__RECORDED INFORMATION__

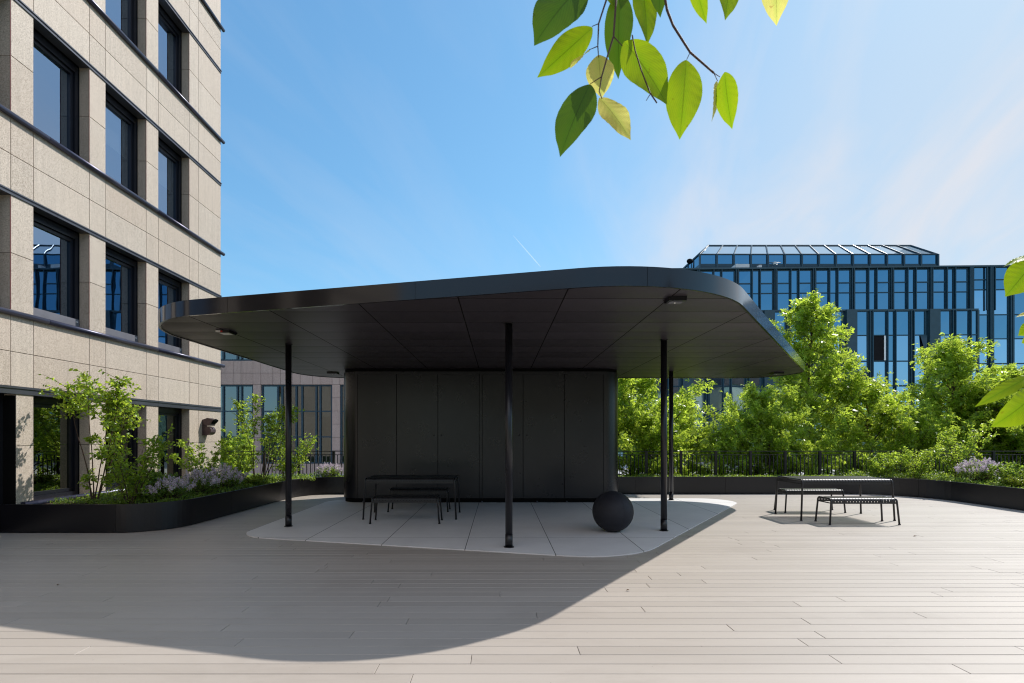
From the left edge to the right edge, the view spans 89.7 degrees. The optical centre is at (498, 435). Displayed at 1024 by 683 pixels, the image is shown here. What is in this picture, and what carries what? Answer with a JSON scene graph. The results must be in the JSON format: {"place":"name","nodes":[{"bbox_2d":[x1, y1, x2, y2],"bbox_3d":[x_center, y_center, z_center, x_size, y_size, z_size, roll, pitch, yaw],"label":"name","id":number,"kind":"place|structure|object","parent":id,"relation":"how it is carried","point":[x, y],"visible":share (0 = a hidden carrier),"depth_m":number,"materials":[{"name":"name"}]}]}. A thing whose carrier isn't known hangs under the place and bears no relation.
{"place":"outdoors","nodes":[
{"label":"outdoors","id":0,"kind":"place"},
{"bbox_2d":[221,351,343,473],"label":"stone building","id":1,"kind":"structure","parent":0,"point":[319,401],"depth_m":29.10,"materials":[{"name":"beige stone"}]},
{"bbox_2d":[221,385,252,462],"bbox_3d":[-15.880,-0.665,29.130,4.020,4.450,0.120,0,0,0],"label":"window","id":2,"kind":"structure","parent":1,"relation":"in","point":[237,392],"depth_m":29.15,"materials":[{"name":"blue glass"}]},
{"bbox_2d":[262,385,332,463],"bbox_3d":[-11.420,-0.665,29.130,4.020,4.450,0.120,0,0,0],"label":"window","id":3,"kind":"structure","parent":1,"relation":"in","point":[316,400],"depth_m":29.15,"materials":[{"name":"grey glass"}]},
{"bbox_2d":[340,385,343,463],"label":"window","id":4,"kind":"structure","parent":1,"relation":"in","point":[341,386],"depth_m":29.10,"materials":[{"name":"grey glass"}]},
{"bbox_2d":[221,0,1023,296],"label":"sky","id":5,"kind":"structure","parent":0,"point":[368,142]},
{"bbox_2d":[532,0,787,156],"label":"hanging branch","id":6,"kind":"object","parent":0,"point":[640,63],"visible":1,"depth_m":0.78,"materials":[{"name":"green plant"}]},
{"bbox_2d":[337,493,1017,658],"bbox_3d":[2.000,1.855,2.975,21.200,0.490,23.950,0,0,0],"label":"terrace base","id":7,"kind":"object","parent":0,"point":[705,493],"depth_m":14.40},
{"bbox_2d":[246,498,736,556],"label":"slab","id":8,"kind":"structure","parent":7,"relation":"on","point":[571,529],"depth_m":8.90,"materials":[{"name":"concrete"}]},
{"bbox_2d":[369,495,442,523],"bbox_3d":[-1.680,1.329,9.370,1.275,0.475,0.455,0,0,0],"label":"slatted bench","id":9,"kind":"object","parent":8,"relation":"on","point":[377,498],"visible":1,"depth_m":9.19,"materials":[{"name":"metal"}]},
{"bbox_2d":[362,475,460,519],"bbox_3d":[-1.675,1.179,10.090,1.786,0.775,0.936,0,0,0],"label":"slatted table","id":10,"kind":"object","parent":8,"relation":"on","point":[412,479],"visible":0.99,"depth_m":9.67,"materials":[{"name":"metal"}]},
{"bbox_2d":[387,487,450,511],"bbox_3d":[-1.670,1.329,10.810,1.275,0.475,0.455,0,0,0],"label":"slatted bench","id":11,"kind":"object","parent":8,"relation":"on","point":[427,490],"visible":0.99,"depth_m":10.62,"materials":[{"name":"metal"}]},
{"bbox_2d":[344,369,617,502],"bbox_3d":[-0.435,-0.013,12.902,6.670,3.158,1.696,0,0,0],"label":"storage cabin","id":12,"kind":"object","parent":8,"relation":"on","point":[452,422],"visible":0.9,"depth_m":12.09,"materials":[{"name":"metal"}]},
{"bbox_2d":[358,374,395,496],"bbox_3d":[-2.867,-0.005,12.096,0.911,2.900,0.008,0,0,0],"label":"door","id":13,"kind":"structure","parent":12,"relation":"in","point":[376,392],"depth_m":12.09,"materials":[{"name":"metal"}]},
{"bbox_2d":[397,374,437,494],"bbox_3d":[-1.921,-0.005,12.077,0.962,2.900,0.046,0,0,0],"label":"door","id":14,"kind":"structure","parent":12,"relation":"in","point":[417,394],"depth_m":12.09,"materials":[{"name":"metal"}]},
{"bbox_2d":[438,374,478,496],"bbox_3d":[-0.946,-0.005,12.077,0.971,2.900,0.046,0,0,0],"label":"door","id":15,"kind":"structure","parent":12,"relation":"in","point":[458,394],"depth_m":12.09,"materials":[{"name":"metal"}]},
{"bbox_2d":[482,374,522,496],"bbox_3d":[0.084,-0.005,12.077,0.960,2.900,0.046,0,0,0],"label":"door","id":16,"kind":"structure","parent":12,"relation":"in","point":[493,385],"depth_m":12.09,"materials":[{"name":"metal"}]},
{"bbox_2d":[523,374,563,496],"bbox_3d":[1.056,-0.005,12.077,0.967,2.900,0.046,0,0,0],"label":"door","id":17,"kind":"structure","parent":12,"relation":"in","point":[543,394],"depth_m":12.09,"materials":[{"name":"metal"}]},
{"bbox_2d":[564,374,602,496],"bbox_3d":[2.000,-0.005,12.096,0.914,2.900,0.008,0,0,0],"label":"door","id":18,"kind":"structure","parent":12,"relation":"in","point":[583,393],"depth_m":12.09,"materials":[{"name":"metal"}]},
{"bbox_2d":[158,266,804,547],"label":"canopy pavilion","id":19,"kind":"structure","parent":8,"relation":"on","point":[625,321],"depth_m":7.48,"materials":[{"name":"metal"}]},
{"bbox_2d":[592,491,633,531],"bbox_3d":[1.870,1.237,8.440,0.666,0.671,0.666,0,0,0],"label":"ball seat","id":20,"kind":"object","parent":8,"relation":"on","point":[612,511],"visible":1,"depth_m":8.20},
{"bbox_2d":[0,494,1023,682],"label":"deck","id":21,"kind":"structure","parent":7,"relation":"on","point":[750,588],"depth_m":4.82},
{"bbox_2d":[773,488,845,512],"bbox_3d":[6.505,1.343,10.780,1.275,0.475,0.455,0,0,0],"label":"slatted bench","id":22,"kind":"object","parent":21,"relation":"on","point":[810,491],"visible":0.93,"depth_m":10.59,"materials":[{"name":"metal"}]},
{"bbox_2d":[774,476,895,520],"bbox_3d":[6.505,1.192,10.030,1.786,0.775,0.936,0,0,0],"label":"slatted table","id":23,"kind":"object","parent":21,"relation":"on","point":[827,480],"visible":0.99,"depth_m":9.62,"materials":[{"name":"metal"}]},
{"bbox_2d":[814,496,900,524],"bbox_3d":[6.490,1.343,9.330,1.275,0.475,0.455,0,0,0],"label":"slatted bench","id":24,"kind":"object","parent":21,"relation":"on","point":[881,500],"visible":1,"depth_m":9.15,"materials":[{"name":"metal"}]},
{"bbox_2d":[0,477,1023,531],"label":"planter","id":25,"kind":"object","parent":7,"relation":"on","point":[85,517],"visible":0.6,"depth_m":11.05,"materials":[{"name":"black metal"}]},
{"bbox_2d":[38,368,150,498],"bbox_3d":[-6.883,0.013,8.996,1.216,2.341,1.630,0,0,0],"label":"multi stem tree","id":26,"kind":"object","parent":25,"relation":"on","point":[111,401],"visible":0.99,"depth_m":8.81,"materials":[{"name":"green plant"}]},
{"bbox_2d":[77,468,113,503],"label":"leafy shrub","id":27,"kind":"object","parent":25,"relation":"on","point":[94,478],"visible":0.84,"depth_m":8.95,"materials":[{"name":"green plant"}]},
{"bbox_2d":[83,421,174,503],"bbox_3d":[-6.395,0.471,8.911,1.269,1.425,1.172,0,0,-41],"label":"leafy shrub","id":28,"kind":"object","parent":25,"relation":"on","point":[120,474],"visible":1,"depth_m":8.91,"materials":[{"name":"green plant"}]},
{"bbox_2d":[124,472,181,501],"bbox_3d":[-6.309,0.898,9.459,0.944,0.582,0.995,0,0,0],"label":"shrub","id":29,"kind":"object","parent":25,"relation":"on","point":[155,480],"visible":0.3,"depth_m":9.30,"materials":[{"name":"green plant"}]},
{"bbox_2d":[141,475,193,500],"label":"lilac bush","id":30,"kind":"object","parent":25,"relation":"on","point":[172,490],"visible":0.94,"depth_m":9.23,"materials":[{"name":"purple plant"}]},
{"bbox_2d":[175,468,220,492],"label":"lilac bush","id":31,"kind":"object","parent":25,"relation":"on","point":[194,477],"visible":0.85,"depth_m":10.26,"materials":[{"name":"purple plant"}]},
{"bbox_2d":[166,436,230,480],"bbox_3d":[-6.998,0.595,12.116,1.240,1.177,1.087,0,0,-14],"label":"leafy shrub","id":32,"kind":"object","parent":25,"relation":"on","point":[194,460],"visible":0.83,"depth_m":11.91,"materials":[{"name":"green plant"}]},
{"bbox_2d":[202,463,247,488],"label":"lilac bush","id":33,"kind":"object","parent":25,"relation":"on","point":[228,477],"visible":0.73,"depth_m":10.98,"materials":[{"name":"purple plant"}]},
{"bbox_2d":[222,437,265,477],"bbox_3d":[-6.299,0.600,12.593,0.939,1.167,0.819,0,0,0],"label":"leafy shrub","id":34,"kind":"object","parent":25,"relation":"on","point":[242,463],"visible":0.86,"depth_m":12.58,"materials":[{"name":"green plant"}]},
{"bbox_2d":[231,393,265,474],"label":"sapling","id":35,"kind":"object","parent":25,"relation":"on","point":[242,419],"visible":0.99,"depth_m":12.81,"materials":[{"name":"green plant"}]},
{"bbox_2d":[240,474,269,486],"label":"lime shrub","id":36,"kind":"object","parent":25,"relation":"on","point":[254,479],"visible":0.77,"depth_m":11.93,"materials":[{"name":"green plant"}]},
{"bbox_2d":[254,401,304,478],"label":"sapling","id":37,"kind":"object","parent":25,"relation":"on","point":[275,416],"visible":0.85,"depth_m":12.93,"materials":[{"name":"green plant"}]},
{"bbox_2d":[260,432,317,480],"bbox_3d":[-5.521,0.530,13.585,1.439,1.309,1.199,0,0,0],"label":"leafy shrub","id":38,"kind":"object","parent":25,"relation":"on","point":[302,456],"visible":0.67,"depth_m":13.52,"materials":[{"name":"green plant"}]},
{"bbox_2d":[316,462,342,476],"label":"lilac bush","id":39,"kind":"object","parent":25,"relation":"on","point":[335,469],"visible":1,"depth_m":14.34,"materials":[{"name":"purple plant"}]},
{"bbox_2d":[49,468,1023,503],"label":"ground cover","id":40,"kind":"object","parent":25,"relation":"in","point":[279,478],"visible":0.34,"depth_m":12.46,"materials":[{"name":"green plant"}]},
{"bbox_2d":[858,451,909,475],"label":"arching shrub","id":41,"kind":"object","parent":25,"relation":"on","point":[875,466],"visible":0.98,"depth_m":14.34,"materials":[{"name":"green plant"}]},
{"bbox_2d":[892,444,944,478],"bbox_3d":[11.565,0.706,14.197,1.150,0.956,0.956,0,0,25],"label":"arching shrub","id":42,"kind":"object","parent":25,"relation":"on","point":[923,464],"visible":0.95,"depth_m":14.06,"materials":[{"name":"green plant"}]},
{"bbox_2d":[935,425,999,477],"bbox_3d":[12.488,0.450,13.663,1.234,1.467,1.324,0,0,-36],"label":"arching shrub","id":43,"kind":"object","parent":25,"relation":"on","point":[951,442],"visible":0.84,"depth_m":13.67,"materials":[{"name":"green plant"}]},
{"bbox_2d":[954,456,1003,481],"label":"lilac bush","id":44,"kind":"object","parent":25,"relation":"on","point":[969,471],"visible":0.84,"depth_m":12.66,"materials":[{"name":"purple plant"}]},
{"bbox_2d":[990,461,1023,478],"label":"shrub","id":45,"kind":"object","parent":25,"relation":"on","point":[1008,470],"visible":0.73,"depth_m":11.89,"materials":[{"name":"green plant"}]},
{"bbox_2d":[996,475,1023,487],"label":"lime shrub","id":46,"kind":"object","parent":25,"relation":"on","point":[1011,480],"visible":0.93,"depth_m":11.61,"materials":[{"name":"green plant"}]},
{"bbox_2d":[227,451,1023,479],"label":"metal railing","id":47,"kind":"object","parent":7,"relation":"on","point":[993,454],"visible":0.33,"depth_m":14.92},
{"bbox_2d":[618,245,1023,461],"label":"glass office building","id":48,"kind":"structure","parent":0,"point":[895,307],"depth_m":41.76,"materials":[{"name":"blue"}]},
{"bbox_2d":[693,378,703,450],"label":"window","id":49,"kind":"structure","parent":48,"relation":"in","point":[701,398],"depth_m":41.85,"materials":[{"name":"blue glass"}]},
{"bbox_2d":[709,378,722,455],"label":"window","id":50,"kind":"structure","parent":48,"relation":"in","point":[716,397],"depth_m":41.81,"materials":[{"name":"blue glass"}]},
{"bbox_2d":[732,378,744,439],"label":"window","id":51,"kind":"structure","parent":48,"relation":"in","point":[736,382],"depth_m":41.76,"materials":[{"name":"blue glass"}]},
{"bbox_2d":[739,271,750,297],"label":"window","id":52,"kind":"structure","parent":48,"relation":"in","point":[744,276],"depth_m":42.28,"materials":[{"name":"blue glass"}]},
{"bbox_2d":[753,270,758,306],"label":"window","id":53,"kind":"structure","parent":48,"relation":"in","point":[755,273],"depth_m":42.25,"materials":[{"name":"blue glass"}]},
{"bbox_2d":[761,270,772,309],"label":"window","id":54,"kind":"structure","parent":48,"relation":"in","point":[766,275],"depth_m":42.23,"materials":[{"name":"blue glass"}]},
{"bbox_2d":[777,270,789,309],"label":"window","id":55,"kind":"structure","parent":48,"relation":"in","point":[783,276],"depth_m":42.19,"materials":[{"name":"blue glass"}]},
{"bbox_2d":[792,270,797,306],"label":"window","id":56,"kind":"structure","parent":48,"relation":"in","point":[794,272],"depth_m":42.16,"materials":[{"name":"blue glass"}]},
{"bbox_2d":[800,270,811,300],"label":"window","id":57,"kind":"structure","parent":48,"relation":"in","point":[805,275],"depth_m":42.14,"materials":[{"name":"blue glass"}]},
{"bbox_2d":[816,270,828,309],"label":"window","id":58,"kind":"structure","parent":48,"relation":"in","point":[822,276],"depth_m":42.09,"materials":[{"name":"blue glass"}]},
{"bbox_2d":[831,270,836,307],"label":"window","id":59,"kind":"structure","parent":48,"relation":"in","point":[833,272],"depth_m":42.07,"materials":[{"name":"blue glass"}]},
{"bbox_2d":[839,270,850,308],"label":"window","id":60,"kind":"structure","parent":48,"relation":"in","point":[844,275],"depth_m":42.04,"materials":[{"name":"blue glass"}]},
{"bbox_2d":[855,269,867,308],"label":"window","id":61,"kind":"structure","parent":48,"relation":"in","point":[861,276],"depth_m":42.00,"materials":[{"name":"blue glass"}]},
{"bbox_2d":[857,311,867,444],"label":"window","id":62,"kind":"structure","parent":48,"relation":"in","point":[862,316],"depth_m":41.46,"materials":[{"name":"blue glass"}]},
{"bbox_2d":[870,269,875,308],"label":"window","id":63,"kind":"structure","parent":48,"relation":"in","point":[872,271],"depth_m":41.97,"materials":[{"name":"blue glass"}]},
{"bbox_2d":[874,311,886,453],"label":"window","id":64,"kind":"structure","parent":48,"relation":"in","point":[880,317],"depth_m":41.41,"materials":[{"name":"blue glass"}]},
{"bbox_2d":[878,269,889,308],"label":"window","id":65,"kind":"structure","parent":48,"relation":"in","point":[883,274],"depth_m":41.94,"materials":[{"name":"blue glass"}]},
{"bbox_2d":[889,311,894,430],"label":"window","id":66,"kind":"structure","parent":48,"relation":"in","point":[891,313],"depth_m":41.39,"materials":[{"name":"blue glass"}]},
{"bbox_2d":[894,269,906,308],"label":"window","id":67,"kind":"structure","parent":48,"relation":"in","point":[900,275],"depth_m":41.91,"materials":[{"name":"blue glass"}]},
{"bbox_2d":[897,311,909,405],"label":"window","id":68,"kind":"structure","parent":48,"relation":"in","point":[903,317],"depth_m":41.36,"materials":[{"name":"blue glass"}]},
{"bbox_2d":[909,269,914,308],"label":"window","id":69,"kind":"structure","parent":48,"relation":"in","point":[911,271],"depth_m":41.88,"materials":[{"name":"blue glass"}]},
{"bbox_2d":[915,311,925,447],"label":"window","id":70,"kind":"structure","parent":48,"relation":"in","point":[920,316],"depth_m":41.32,"materials":[{"name":"blue glass"}]},
{"bbox_2d":[917,269,928,308],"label":"window","id":71,"kind":"structure","parent":48,"relation":"in","point":[922,274],"depth_m":41.85,"materials":[{"name":"blue glass"}]},
{"bbox_2d":[933,269,945,308],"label":"window","id":72,"kind":"structure","parent":48,"relation":"in","point":[939,275],"depth_m":41.81,"materials":[{"name":"blue glass"}]},
{"bbox_2d":[941,311,950,411],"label":"window","id":73,"kind":"structure","parent":48,"relation":"in","point":[945,315],"depth_m":41.26,"materials":[{"name":"blue glass"}]},
{"bbox_2d":[948,269,953,308],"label":"window","id":74,"kind":"structure","parent":48,"relation":"in","point":[950,271],"depth_m":41.79,"materials":[{"name":"blue glass"}]},
{"bbox_2d":[956,268,967,308],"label":"window","id":75,"kind":"structure","parent":48,"relation":"in","point":[961,274],"depth_m":41.76,"materials":[{"name":"blue glass"}]},
{"bbox_2d":[957,310,969,367],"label":"window","id":76,"kind":"structure","parent":48,"relation":"in","point":[963,316],"depth_m":41.22,"materials":[{"name":"blue glass"}]},
{"bbox_2d":[972,310,976,378],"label":"window","id":77,"kind":"structure","parent":48,"relation":"in","point":[974,312],"depth_m":41.19,"materials":[{"name":"blue glass"}]},
{"bbox_2d":[974,267,988,371],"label":"window","id":78,"kind":"structure","parent":48,"relation":"in","point":[979,272],"depth_m":41.71,"materials":[{"name":"blue glass"}]},
{"bbox_2d":[994,267,1008,375],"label":"window","id":79,"kind":"structure","parent":48,"relation":"in","point":[1001,314],"depth_m":41.67,"materials":[{"name":"blue glass"}]},
{"bbox_2d":[1014,293,1023,368],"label":"window","id":80,"kind":"structure","parent":48,"relation":"in","point":[1018,298],"depth_m":41.63,"materials":[{"name":"blue glass"}]},
{"bbox_2d":[975,255,1023,426],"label":"side branch","id":81,"kind":"object","parent":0,"point":[1011,413],"visible":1,"depth_m":0.80,"materials":[{"name":"green plant"}]},
{"label":"ground","id":82,"kind":"structure","parent":0,"visible":0},
{"bbox_2d":[0,0,224,503],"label":"stone office building","id":83,"kind":"structure","parent":82,"relation":"on","point":[111,140],"depth_m":10.38,"materials":[{"name":"stone"}]},
{"bbox_2d":[31,396,77,499],"bbox_3d":[-8.270,0.215,9.444,0.110,1.850,1.205,0,0,0],"label":"window","id":84,"kind":"structure","parent":83,"relation":"in","point":[55,439],"depth_m":9.57,"materials":[{"name":"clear glass"}]},
{"bbox_2d":[33,29,77,154],"bbox_3d":[-8.270,-6.232,9.444,0.110,1.895,1.205,0,0,0],"label":"window","id":85,"kind":"structure","parent":83,"relation":"in","point":[55,78],"depth_m":9.59,"materials":[{"name":"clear glass"}]},
{"bbox_2d":[33,213,78,326],"bbox_3d":[-8.245,-2.998,9.444,0.160,1.895,1.205,0,0,0],"label":"window","id":86,"kind":"structure","parent":83,"relation":"in","point":[55,247],"depth_m":9.59,"materials":[{"name":"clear glass"}]},
{"bbox_2d":[105,405,136,489],"bbox_3d":[-8.270,0.215,11.065,0.110,1.850,1.205,0,0,0],"label":"window","id":87,"kind":"structure","parent":83,"relation":"in","point":[132,444],"depth_m":11.42,"materials":[{"name":"black glass"}]},
{"bbox_2d":[105,92,136,193],"bbox_3d":[-8.270,-6.232,11.064,0.110,1.895,1.205,0,0,0],"label":"window","id":88,"kind":"structure","parent":83,"relation":"in","point":[120,126],"depth_m":11.26,"materials":[{"name":"blue glass"}]},
{"bbox_2d":[105,0,136,46],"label":"window","id":89,"kind":"structure","parent":83,"relation":"in","point":[123,13],"depth_m":11.42,"materials":[{"name":"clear glass"}]},
{"bbox_2d":[105,247,137,341],"bbox_3d":[-8.245,-2.998,11.065,0.160,1.895,1.205,0,0,0],"label":"window","id":90,"kind":"structure","parent":83,"relation":"in","point":[120,271],"depth_m":11.25,"materials":[{"name":"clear glass"}]},
{"bbox_2d":[158,407,180,480],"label":"window","id":91,"kind":"structure","parent":83,"relation":"in","point":[168,416],"depth_m":12.94,"materials":[{"name":"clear glass"}]},
{"bbox_2d":[158,138,180,223],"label":"window","id":92,"kind":"structure","parent":83,"relation":"in","point":[169,163],"depth_m":12.90,"materials":[{"name":"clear glass"}]},
{"bbox_2d":[158,4,180,93],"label":"window","id":93,"kind":"structure","parent":83,"relation":"in","point":[169,37],"depth_m":12.90,"materials":[{"name":"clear glass"}]},
{"bbox_2d":[158,273,181,353],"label":"window","id":94,"kind":"structure","parent":83,"relation":"in","point":[169,290],"depth_m":12.83,"materials":[{"name":"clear glass"}]},
{"bbox_2d":[202,418,217,434],"bbox_3d":[-7.822,-0.255,13.980,0.355,0.470,0.240,0,0,0],"label":"wall lamp","id":95,"kind":"object","parent":83,"relation":"attached to","point":[207,425],"depth_m":13.86,"materials":[{"name":"brown metal"}]},
{"bbox_2d":[221,423,257,473],"bbox_3d":[-8.490,0.805,16.347,1.592,2.553,1.404,0,0,0],"label":"maple bush","id":96,"kind":"object","parent":82,"relation":"on","point":[230,444],"visible":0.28,"depth_m":16.22,"materials":[{"name":"green plant"}]},
{"bbox_2d":[618,406,710,476],"bbox_3d":[5.009,0.589,16.844,3.547,3.214,3.210,0,0,-15],"label":"street tree","id":97,"kind":"object","parent":82,"relation":"on","point":[627,441],"visible":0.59,"depth_m":16.48,"materials":[{"name":"green plant"}]},
{"bbox_2d":[618,378,718,474],"bbox_3d":[4.536,-0.202,17.967,6.141,4.813,6.787,0,0,15],"label":"street tree","id":98,"kind":"object","parent":82,"relation":"on","point":[627,390],"visible":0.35,"depth_m":16.85,"materials":[{"name":"green plant"}]},
{"bbox_2d":[649,400,716,476],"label":"street tree","id":99,"kind":"object","parent":82,"relation":"on","point":[689,423],"visible":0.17,"depth_m":17.87,"materials":[{"name":"green plant"}]},
{"bbox_2d":[685,426,766,476],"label":"street tree","id":100,"kind":"object","parent":82,"relation":"on","point":[726,445],"visible":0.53,"depth_m":16.86,"materials":[{"name":"green plant"}]},
{"bbox_2d":[692,378,825,475],"bbox_3d":[8.815,0.132,17.520,4.566,4.138,4.132,0,0,20],"label":"street tree","id":101,"kind":"object","parent":82,"relation":"on","point":[757,402],"visible":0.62,"depth_m":17.16,"materials":[{"name":"green plant"}]},
{"bbox_2d":[720,407,837,476],"bbox_3d":[8.867,0.629,16.943,3.130,3.135,3.460,0,0,-38],"label":"street tree","id":102,"kind":"object","parent":82,"relation":"on","point":[774,424],"visible":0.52,"depth_m":16.59,"materials":[{"name":"green plant"}]},
{"bbox_2d":[759,436,845,475],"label":"street tree","id":103,"kind":"object","parent":82,"relation":"on","point":[803,445],"visible":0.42,"depth_m":16.27,"materials":[{"name":"green plant"}]},
{"bbox_2d":[736,288,897,474],"bbox_3d":[11.686,-1.634,19.503,4.519,7.668,6.053,0,0,2],"label":"street tree","id":104,"kind":"object","parent":82,"relation":"on","point":[809,312],"visible":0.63,"depth_m":18.74,"materials":[{"name":"green plant"}]},
{"bbox_2d":[822,442,880,475],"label":"street tree","id":105,"kind":"object","parent":82,"relation":"on","point":[855,447],"visible":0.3,"depth_m":16.50,"materials":[{"name":"green plant"}]},
{"bbox_2d":[791,375,951,476],"bbox_3d":[13.271,-0.008,18.377,5.693,4.422,5.151,0,0,-10],"label":"street tree","id":106,"kind":"object","parent":82,"relation":"on","point":[849,421],"visible":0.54,"depth_m":17.55,"materials":[{"name":"green plant"}]},
{"bbox_2d":[847,398,998,476],"bbox_3d":[13.820,0.460,16.972,4.049,3.476,3.663,0,0,30],"label":"street tree","id":107,"kind":"object","parent":82,"relation":"on","point":[912,419],"visible":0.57,"depth_m":16.65,"materials":[{"name":"green plant"}]},
{"bbox_2d":[866,332,1023,476],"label":"street tree","id":108,"kind":"object","parent":82,"relation":"on","point":[948,361],"visible":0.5,"depth_m":18.08,"materials":[{"name":"green plant"}]},
{"bbox_2d":[910,374,1023,477],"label":"street tree","id":109,"kind":"object","parent":82,"relation":"on","point":[1002,445],"visible":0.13,"depth_m":17.70,"materials":[{"name":"green plant"}]},
{"bbox_2d":[949,409,1023,475],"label":"street tree","id":110,"kind":"object","parent":82,"relation":"on","point":[1017,432],"visible":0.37,"depth_m":17.22,"materials":[{"name":"green plant"}]},
{"bbox_2d":[973,363,1023,461],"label":"street tree","id":111,"kind":"object","parent":82,"relation":"on","point":[1012,371],"visible":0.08,"depth_m":18.48,"materials":[{"name":"green plant"}]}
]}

__TRY IT__
Among the lines above, return those that contain the string "table".

__TASK SOLUTION__
{"bbox_2d":[362,475,460,519],"bbox_3d":[-1.675,1.179,10.090,1.786,0.775,0.936,0,0,0],"label":"slatted table","id":10,"kind":"object","parent":8,"relation":"on","point":[412,479],"visible":0.99,"depth_m":9.67,"materials":[{"name":"metal"}]},
{"bbox_2d":[774,476,895,520],"bbox_3d":[6.505,1.192,10.030,1.786,0.775,0.936,0,0,0],"label":"slatted table","id":23,"kind":"object","parent":21,"relation":"on","point":[827,480],"visible":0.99,"depth_m":9.62,"materials":[{"name":"metal"}]},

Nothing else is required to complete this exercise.